40 horas, una nueva Era Laboral: México comienza el cambio histórico

En el marco de la conmemoración del Día del Trabajo, desde Palacio Nacional se dio a conocer un anuncio que marca un punto de inflexión para la fuerza laboral en México. El secretario del Trabajo y Previsión Social, Marath Bolaños, presentó la estrategia oficial para implementar la jornada laboral de 40 horas, un cambio que se llevará a cabo de manera “paulatina y gradual” hasta concretarse en enero de 2030.

El funcionario detalló que esta transformación responde a una demanda histórica de la clase trabajadora. La presidenta Claudia Sheinbaum, desde el inicio de su gestión, asumió este compromiso como parte del eje número 60 dentro de su plan de gobierno, enmarcado en lo que ha denominado el “segundo piso de la transformación”.
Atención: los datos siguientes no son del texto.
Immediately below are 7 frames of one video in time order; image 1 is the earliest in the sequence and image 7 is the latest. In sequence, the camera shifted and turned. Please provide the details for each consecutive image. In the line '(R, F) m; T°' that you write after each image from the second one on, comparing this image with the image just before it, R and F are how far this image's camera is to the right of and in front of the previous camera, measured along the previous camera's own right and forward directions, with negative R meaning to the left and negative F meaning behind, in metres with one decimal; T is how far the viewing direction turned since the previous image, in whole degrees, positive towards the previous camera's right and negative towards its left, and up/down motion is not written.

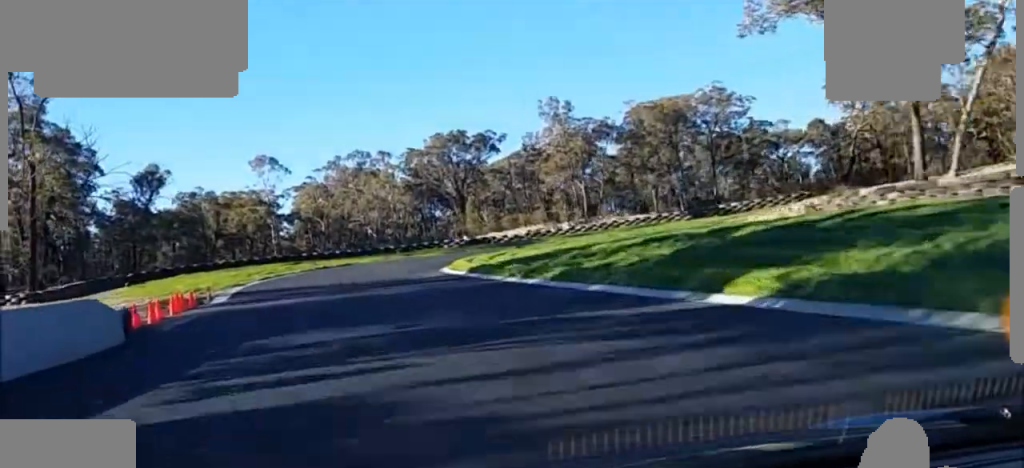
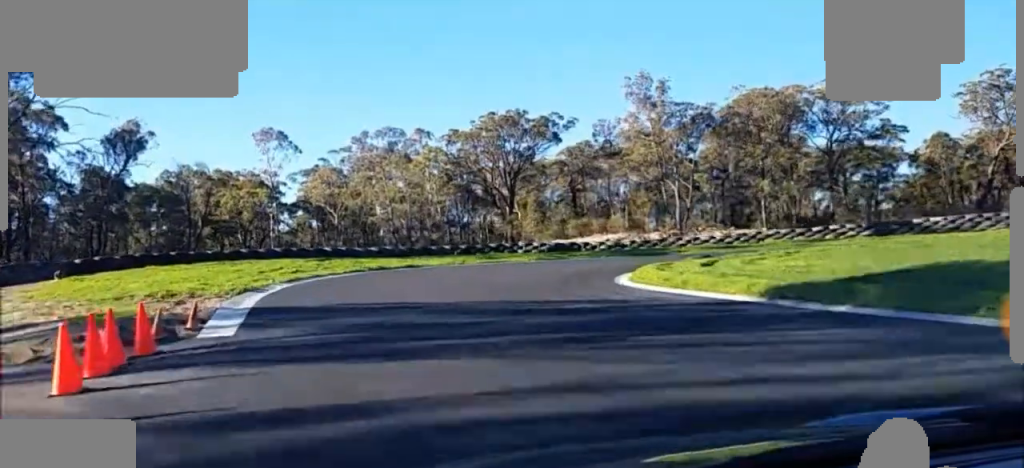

Para garantizar que esta reducción de horas sea equitativa y funcional, se organizarán foros en distintas ciudades del país entre el 2 de junio y el 7 de julio. En estas mesas de trabajo participarán representantes de los sectores laboral, empresarial y académico. La intención es construir un modelo sostenible y justo que responda a las necesidades reales del país y de sus trabajadores.

“El objetivo primordial es construir en colectivo un modelo justo y eficaz para cumplir con la demanda histórica del pueblo de México”, afirmó Bolaños durante su intervención. Además, defendió la medida subrayando que reducir la jornada laboral no afecta la productividad, sino que otorga dignidad al trabajador al devolverle tiempo de vida personal y familiar.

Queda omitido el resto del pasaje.